Task details >>
Below are records; please write out exactly the lines from the first line through the line containing "report definitely failed", with no pictures.

[Records excerpted from a collection]

-=-=-=-=-

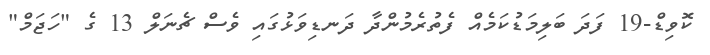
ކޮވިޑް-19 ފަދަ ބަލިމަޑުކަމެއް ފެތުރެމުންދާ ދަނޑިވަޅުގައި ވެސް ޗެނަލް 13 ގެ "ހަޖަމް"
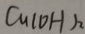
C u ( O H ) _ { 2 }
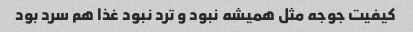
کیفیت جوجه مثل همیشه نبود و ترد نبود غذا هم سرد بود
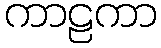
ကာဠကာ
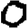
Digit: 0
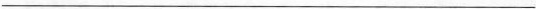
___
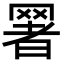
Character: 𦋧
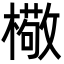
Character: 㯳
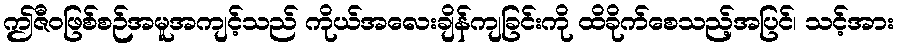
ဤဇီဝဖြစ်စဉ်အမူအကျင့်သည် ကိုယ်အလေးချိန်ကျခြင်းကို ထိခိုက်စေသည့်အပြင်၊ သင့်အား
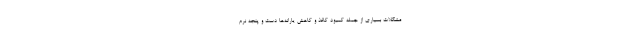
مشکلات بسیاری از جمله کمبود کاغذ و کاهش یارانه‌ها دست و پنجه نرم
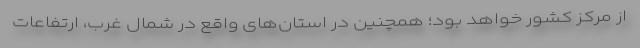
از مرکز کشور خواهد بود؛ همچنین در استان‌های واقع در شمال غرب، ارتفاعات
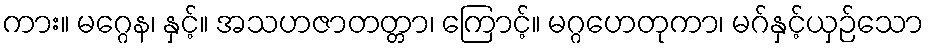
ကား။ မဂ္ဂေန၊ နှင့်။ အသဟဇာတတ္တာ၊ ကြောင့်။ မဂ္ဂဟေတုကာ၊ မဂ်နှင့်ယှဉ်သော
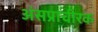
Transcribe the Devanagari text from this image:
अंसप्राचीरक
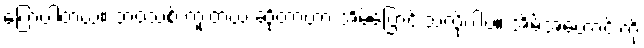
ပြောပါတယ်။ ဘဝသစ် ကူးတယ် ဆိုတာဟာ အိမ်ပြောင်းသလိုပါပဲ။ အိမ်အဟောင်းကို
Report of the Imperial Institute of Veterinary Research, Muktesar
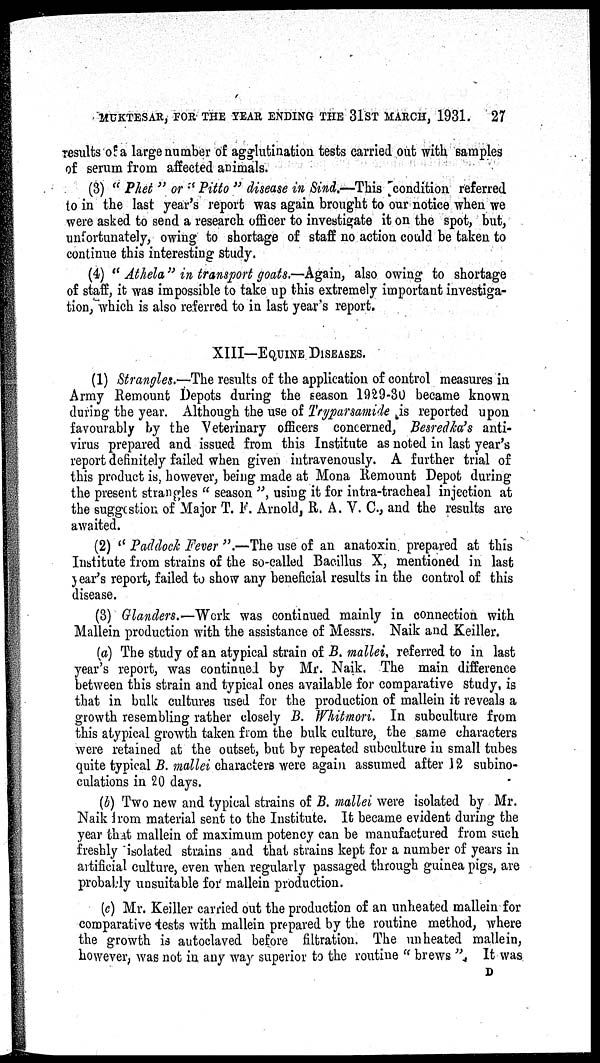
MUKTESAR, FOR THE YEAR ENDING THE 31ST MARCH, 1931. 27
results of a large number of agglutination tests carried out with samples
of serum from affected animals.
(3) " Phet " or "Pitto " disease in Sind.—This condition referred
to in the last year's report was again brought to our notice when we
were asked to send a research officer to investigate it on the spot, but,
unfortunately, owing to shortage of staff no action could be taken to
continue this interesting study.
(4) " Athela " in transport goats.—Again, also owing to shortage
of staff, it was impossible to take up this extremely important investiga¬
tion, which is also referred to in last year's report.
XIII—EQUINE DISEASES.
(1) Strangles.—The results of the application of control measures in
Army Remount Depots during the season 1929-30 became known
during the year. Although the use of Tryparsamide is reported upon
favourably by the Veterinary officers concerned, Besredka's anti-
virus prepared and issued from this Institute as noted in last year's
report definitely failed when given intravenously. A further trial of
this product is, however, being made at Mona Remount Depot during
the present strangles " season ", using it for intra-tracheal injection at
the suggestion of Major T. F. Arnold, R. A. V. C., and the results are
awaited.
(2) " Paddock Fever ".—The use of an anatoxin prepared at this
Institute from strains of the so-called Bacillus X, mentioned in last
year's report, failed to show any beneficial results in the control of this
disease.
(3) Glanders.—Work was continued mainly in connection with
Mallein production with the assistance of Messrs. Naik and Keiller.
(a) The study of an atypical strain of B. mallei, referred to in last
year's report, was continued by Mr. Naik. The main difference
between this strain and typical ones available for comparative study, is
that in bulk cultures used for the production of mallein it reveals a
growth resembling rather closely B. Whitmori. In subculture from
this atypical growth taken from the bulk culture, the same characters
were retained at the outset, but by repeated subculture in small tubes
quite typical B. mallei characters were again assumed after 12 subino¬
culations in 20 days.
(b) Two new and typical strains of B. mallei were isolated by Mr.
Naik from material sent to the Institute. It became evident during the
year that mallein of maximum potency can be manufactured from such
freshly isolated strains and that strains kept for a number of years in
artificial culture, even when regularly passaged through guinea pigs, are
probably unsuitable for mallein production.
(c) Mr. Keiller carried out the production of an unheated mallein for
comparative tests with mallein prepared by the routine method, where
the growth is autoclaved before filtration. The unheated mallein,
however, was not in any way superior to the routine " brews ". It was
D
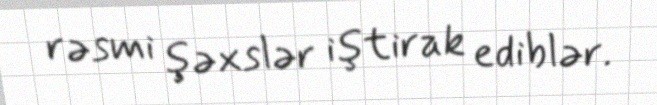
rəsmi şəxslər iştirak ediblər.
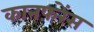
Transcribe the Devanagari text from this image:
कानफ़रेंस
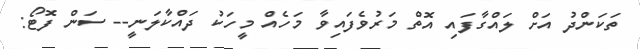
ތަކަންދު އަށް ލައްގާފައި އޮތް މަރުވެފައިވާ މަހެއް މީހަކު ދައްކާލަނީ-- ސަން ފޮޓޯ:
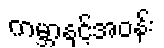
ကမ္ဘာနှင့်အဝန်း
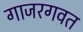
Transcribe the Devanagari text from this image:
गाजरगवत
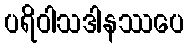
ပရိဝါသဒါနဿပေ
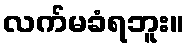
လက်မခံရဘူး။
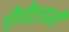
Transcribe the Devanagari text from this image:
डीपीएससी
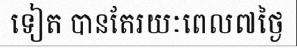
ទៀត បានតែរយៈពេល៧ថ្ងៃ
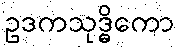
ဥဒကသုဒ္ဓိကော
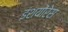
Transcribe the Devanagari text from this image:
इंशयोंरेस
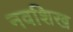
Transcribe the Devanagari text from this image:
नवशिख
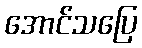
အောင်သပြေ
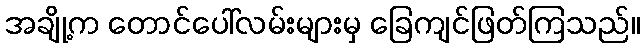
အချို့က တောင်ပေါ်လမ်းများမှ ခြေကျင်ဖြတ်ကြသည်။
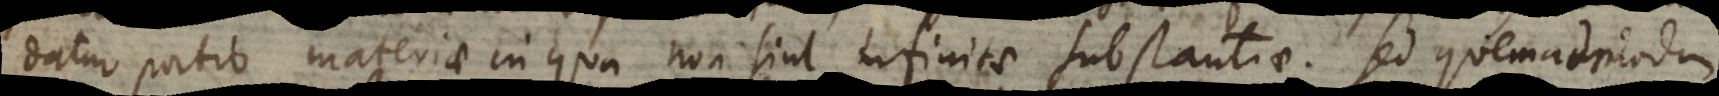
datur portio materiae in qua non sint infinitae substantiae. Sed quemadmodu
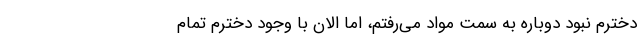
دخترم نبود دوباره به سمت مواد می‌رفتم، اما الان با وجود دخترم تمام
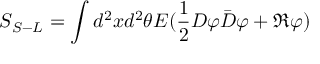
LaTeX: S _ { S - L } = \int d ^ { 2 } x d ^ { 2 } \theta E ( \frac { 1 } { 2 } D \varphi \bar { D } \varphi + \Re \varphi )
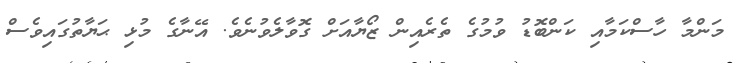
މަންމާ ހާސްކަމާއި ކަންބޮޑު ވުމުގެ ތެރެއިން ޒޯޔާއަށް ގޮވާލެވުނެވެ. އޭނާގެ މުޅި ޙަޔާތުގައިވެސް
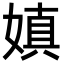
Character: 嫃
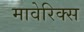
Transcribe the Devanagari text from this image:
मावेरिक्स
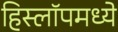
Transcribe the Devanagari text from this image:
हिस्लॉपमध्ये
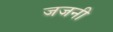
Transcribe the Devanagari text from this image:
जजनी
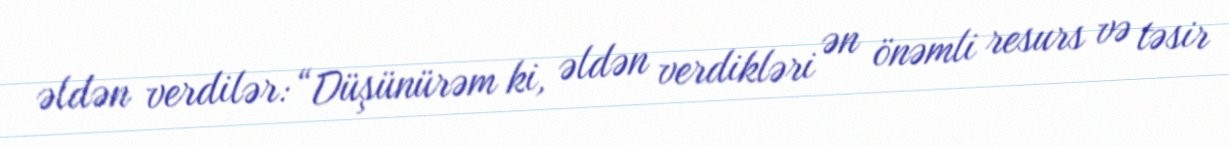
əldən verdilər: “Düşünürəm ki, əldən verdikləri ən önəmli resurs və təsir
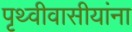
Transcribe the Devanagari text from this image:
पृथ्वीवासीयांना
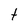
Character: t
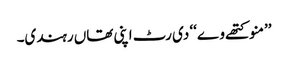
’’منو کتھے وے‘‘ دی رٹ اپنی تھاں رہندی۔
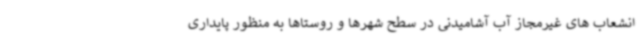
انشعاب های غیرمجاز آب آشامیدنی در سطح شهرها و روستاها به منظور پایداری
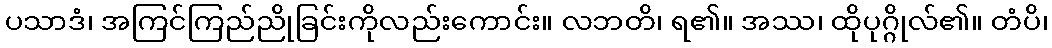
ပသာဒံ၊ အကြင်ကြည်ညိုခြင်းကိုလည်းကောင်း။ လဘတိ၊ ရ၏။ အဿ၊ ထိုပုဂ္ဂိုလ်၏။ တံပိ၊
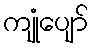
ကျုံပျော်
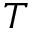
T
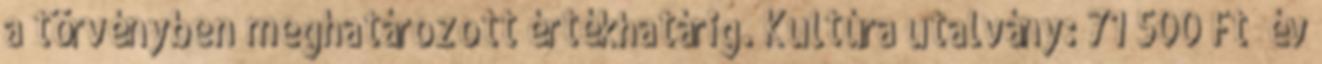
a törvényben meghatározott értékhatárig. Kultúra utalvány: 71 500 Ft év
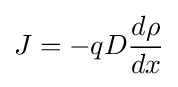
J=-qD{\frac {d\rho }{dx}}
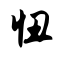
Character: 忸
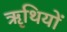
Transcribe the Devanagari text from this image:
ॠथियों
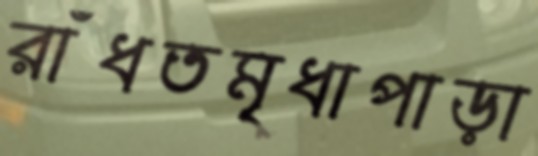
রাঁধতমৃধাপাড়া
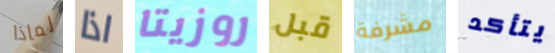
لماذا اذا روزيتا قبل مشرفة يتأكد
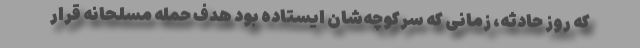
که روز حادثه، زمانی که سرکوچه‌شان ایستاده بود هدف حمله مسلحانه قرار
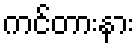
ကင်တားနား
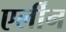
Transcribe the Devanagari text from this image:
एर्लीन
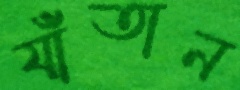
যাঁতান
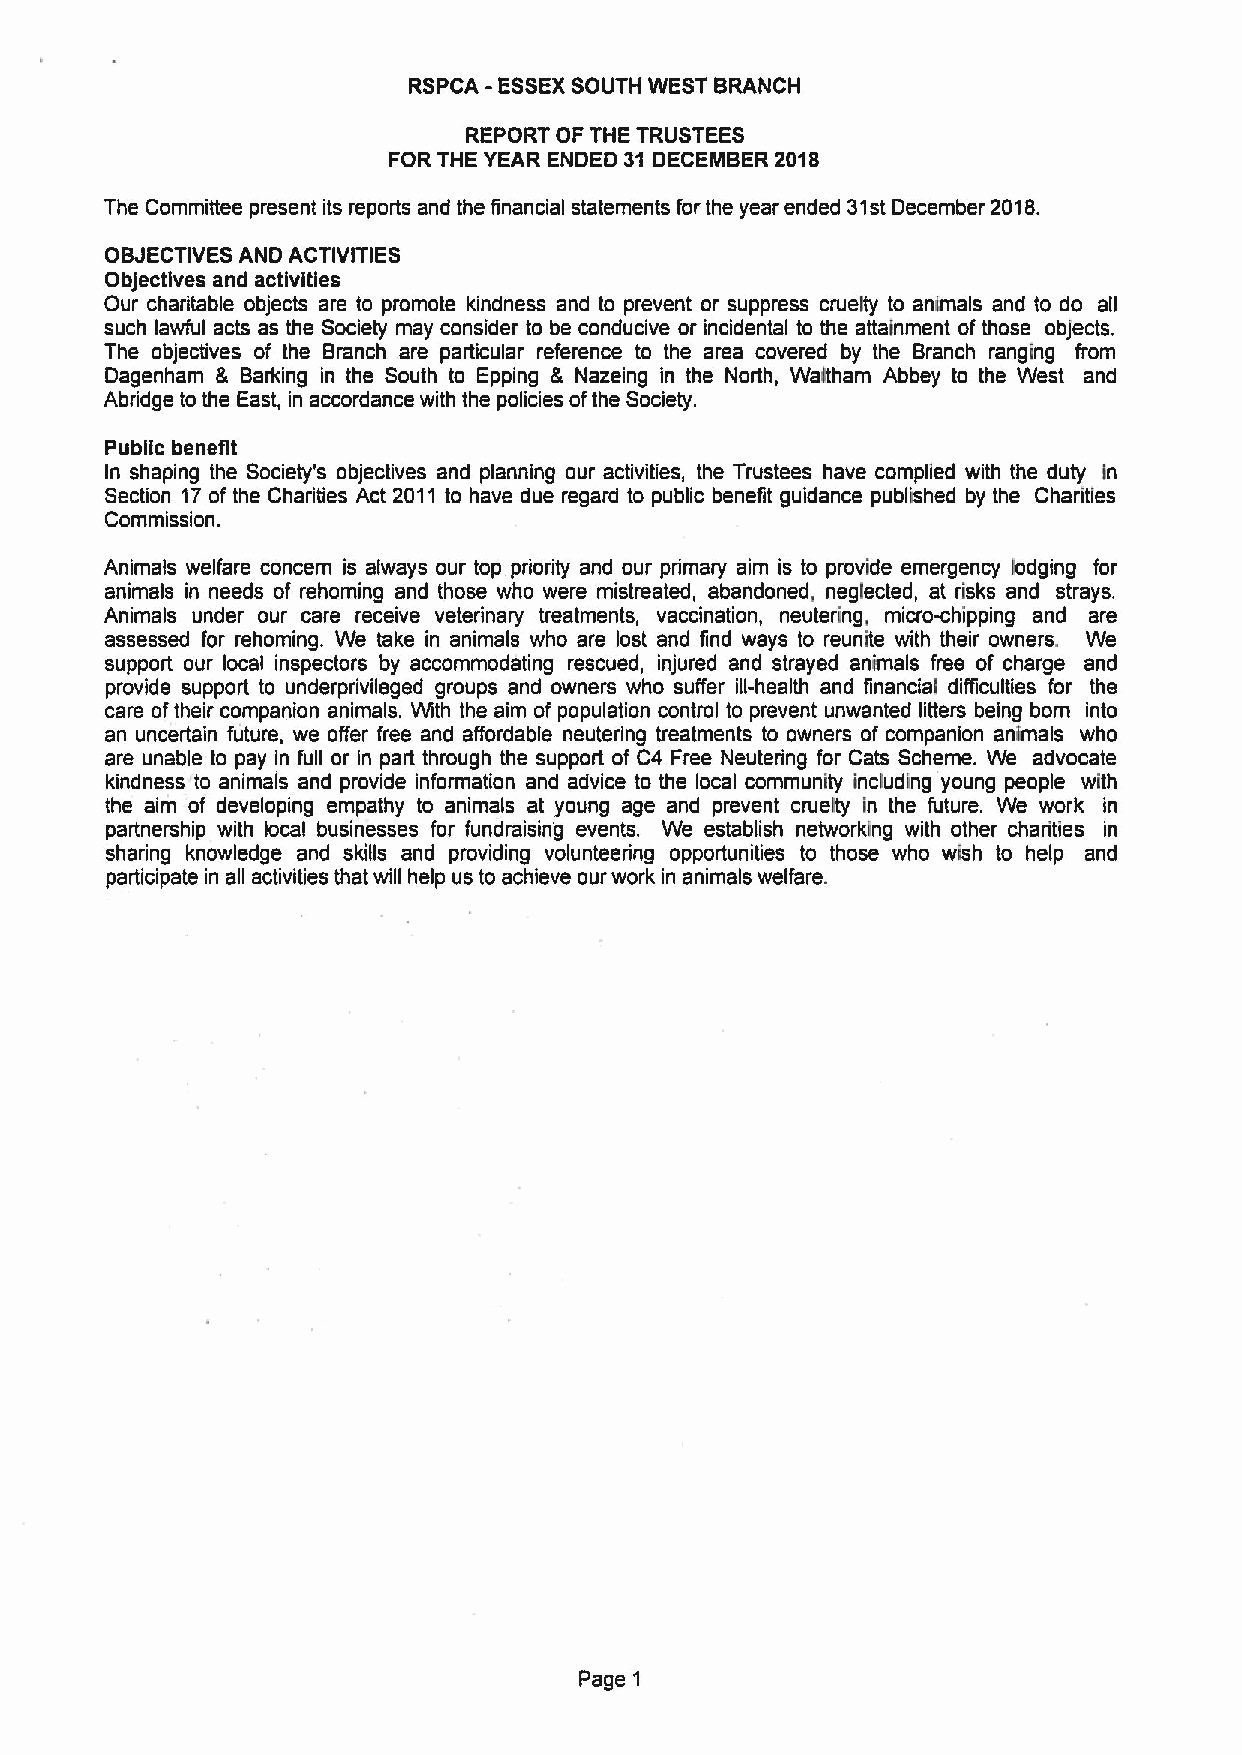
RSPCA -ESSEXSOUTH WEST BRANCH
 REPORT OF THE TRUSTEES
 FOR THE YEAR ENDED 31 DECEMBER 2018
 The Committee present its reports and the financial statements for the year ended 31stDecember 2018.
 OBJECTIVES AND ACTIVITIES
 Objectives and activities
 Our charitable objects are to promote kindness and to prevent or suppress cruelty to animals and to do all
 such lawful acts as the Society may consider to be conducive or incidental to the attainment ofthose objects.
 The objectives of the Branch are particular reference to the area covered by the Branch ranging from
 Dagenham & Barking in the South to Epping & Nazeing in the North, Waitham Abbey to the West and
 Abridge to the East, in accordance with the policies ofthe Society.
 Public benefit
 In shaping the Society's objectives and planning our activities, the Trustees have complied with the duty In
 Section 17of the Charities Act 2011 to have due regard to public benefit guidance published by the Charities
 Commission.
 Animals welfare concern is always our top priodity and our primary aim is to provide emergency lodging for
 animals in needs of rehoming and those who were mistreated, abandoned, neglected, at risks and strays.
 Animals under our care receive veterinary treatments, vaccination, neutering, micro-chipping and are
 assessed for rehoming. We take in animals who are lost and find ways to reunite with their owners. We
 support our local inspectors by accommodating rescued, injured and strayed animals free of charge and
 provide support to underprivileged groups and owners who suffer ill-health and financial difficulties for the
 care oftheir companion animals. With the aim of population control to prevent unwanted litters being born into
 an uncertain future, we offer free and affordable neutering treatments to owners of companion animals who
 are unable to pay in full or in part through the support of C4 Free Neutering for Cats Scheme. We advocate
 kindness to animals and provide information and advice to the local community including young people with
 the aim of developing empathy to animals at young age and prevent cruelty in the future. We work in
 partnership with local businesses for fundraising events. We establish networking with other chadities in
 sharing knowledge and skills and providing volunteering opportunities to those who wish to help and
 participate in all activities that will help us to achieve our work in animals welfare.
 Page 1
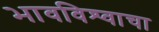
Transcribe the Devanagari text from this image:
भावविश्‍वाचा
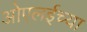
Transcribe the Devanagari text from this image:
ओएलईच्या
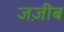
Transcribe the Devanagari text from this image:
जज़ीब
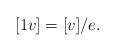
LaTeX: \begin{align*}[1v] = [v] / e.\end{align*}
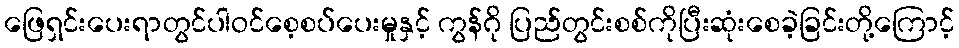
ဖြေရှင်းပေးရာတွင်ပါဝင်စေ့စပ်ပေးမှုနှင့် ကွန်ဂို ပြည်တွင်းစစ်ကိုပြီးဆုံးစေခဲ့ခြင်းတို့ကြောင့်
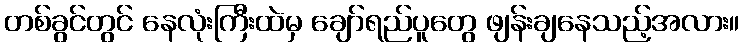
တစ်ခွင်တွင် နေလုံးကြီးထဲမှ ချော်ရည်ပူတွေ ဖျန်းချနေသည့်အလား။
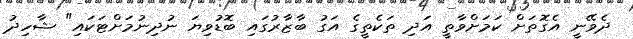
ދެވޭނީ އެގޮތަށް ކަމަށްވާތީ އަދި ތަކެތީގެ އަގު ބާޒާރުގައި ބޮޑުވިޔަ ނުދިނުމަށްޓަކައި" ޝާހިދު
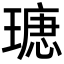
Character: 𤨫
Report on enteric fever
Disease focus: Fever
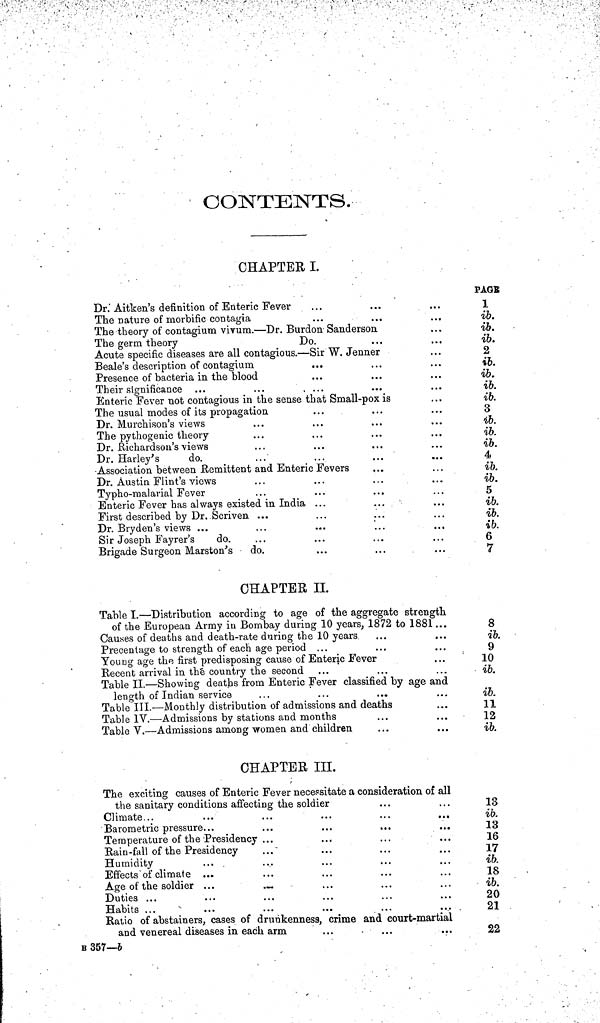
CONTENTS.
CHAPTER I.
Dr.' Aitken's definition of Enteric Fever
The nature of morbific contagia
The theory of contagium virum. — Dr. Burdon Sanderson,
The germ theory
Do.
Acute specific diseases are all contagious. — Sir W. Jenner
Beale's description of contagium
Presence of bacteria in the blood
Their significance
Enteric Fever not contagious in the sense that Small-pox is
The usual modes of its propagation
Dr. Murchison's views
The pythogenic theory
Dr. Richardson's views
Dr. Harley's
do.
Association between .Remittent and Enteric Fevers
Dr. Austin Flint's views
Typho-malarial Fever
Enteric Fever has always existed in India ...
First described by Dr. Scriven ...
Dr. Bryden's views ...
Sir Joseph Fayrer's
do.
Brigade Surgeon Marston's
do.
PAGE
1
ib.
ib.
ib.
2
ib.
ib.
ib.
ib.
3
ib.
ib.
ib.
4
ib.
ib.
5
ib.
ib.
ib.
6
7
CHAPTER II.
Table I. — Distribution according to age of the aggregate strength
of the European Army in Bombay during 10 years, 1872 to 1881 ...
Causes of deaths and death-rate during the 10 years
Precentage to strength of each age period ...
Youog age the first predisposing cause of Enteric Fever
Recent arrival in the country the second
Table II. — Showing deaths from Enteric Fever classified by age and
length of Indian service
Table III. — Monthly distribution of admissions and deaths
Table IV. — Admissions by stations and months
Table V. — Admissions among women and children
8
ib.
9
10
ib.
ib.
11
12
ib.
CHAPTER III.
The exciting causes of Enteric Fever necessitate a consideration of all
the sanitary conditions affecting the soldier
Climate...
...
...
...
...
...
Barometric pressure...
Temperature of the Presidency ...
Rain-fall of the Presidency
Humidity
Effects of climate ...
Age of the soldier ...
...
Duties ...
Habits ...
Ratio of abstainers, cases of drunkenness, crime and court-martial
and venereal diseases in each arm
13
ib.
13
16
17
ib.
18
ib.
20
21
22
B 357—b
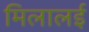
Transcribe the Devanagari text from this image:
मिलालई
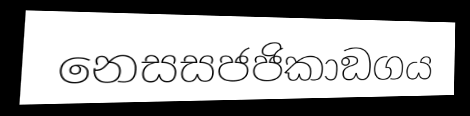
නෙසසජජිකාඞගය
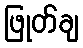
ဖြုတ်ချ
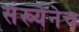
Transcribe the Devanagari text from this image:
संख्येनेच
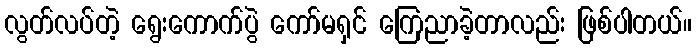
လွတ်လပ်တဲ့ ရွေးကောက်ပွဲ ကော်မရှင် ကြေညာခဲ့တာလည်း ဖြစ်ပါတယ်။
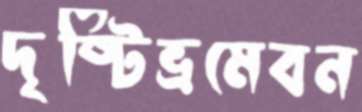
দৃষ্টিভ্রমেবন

-=-=-=-=-

Response to this exercise >>
ކޮވިޑް-19 ފަދަ ބަލިމަޑުކަމެއް ފެތުރެމުންދާ ދަނޑިވަޅުގައި ވެސް ޗެނަލް 13 ގެ "ހަޖަމް"
C u ( O H ) _ { 2 }
کیفیت جوجه مثل همیشه نبود و ترد نبود غذا هم سرد بود
ကာဠကာ
Digit: 0
___
Character: 𦋧
Character: 㯳
ဤဇီဝဖြစ်စဉ်အမူအကျင့်သည် ကိုယ်အလေးချိန်ကျခြင်းကို ထိခိုက်စေသည့်အပြင်၊ သင့်အား
مشکلات بسیاری از جمله کمبود کاغذ و کاهش یارانه‌ها دست و پنجه نرم
از مرکز کشور خواهد بود؛ همچنین در استان‌های واقع در شمال غرب، ارتفاعات
ကား။ မဂ္ဂေန၊ နှင့်။ အသဟဇာတတ္တာ၊ ကြောင့်။ မဂ္ဂဟေတုကာ၊ မဂ်နှင့်ယှဉ်သော
Transcribe the Devanagari text from this image:
अंसप्राचीरक
ပြောပါတယ်။ ဘဝသစ် ကူးတယ် ဆိုတာဟာ အိမ်ပြောင်းသလိုပါပဲ။ အိမ်အဟောင်းကို
Report of the Imperial Institute of Veterinary Research, Muktesar
MUKTESAR, FOR THE YEAR ENDING THE 31ST MARCH, 1931. 27
results of a large number of agglutination tests carried out with samples
of serum from affected animals.
(3) " Phet " or "Pitto " disease in Sind.—This condition referred
to in the last year's report was again brought to our notice when we
were asked to send a research officer to investigate it on the spot, but,
unfortunately, owing to shortage of staff no action could be taken to
continue this interesting study.
(4) " Athela " in transport goats.—Again, also owing to shortage
of staff, it was impossible to take up this extremely important investiga¬
tion, which is also referred to in last year's report.
XIII—EQUINE DISEASES.
(1) Strangles.—The results of the application of control measures in
Army Remount Depots during the season 1929-30 became known
during the year. Although the use of Tryparsamide is reported upon
favourably by the Veterinary officers concerned, Besredka's anti-
virus prepared and issued from this Institute as noted in last year's
report definitely failed when given intravenously. A further trial of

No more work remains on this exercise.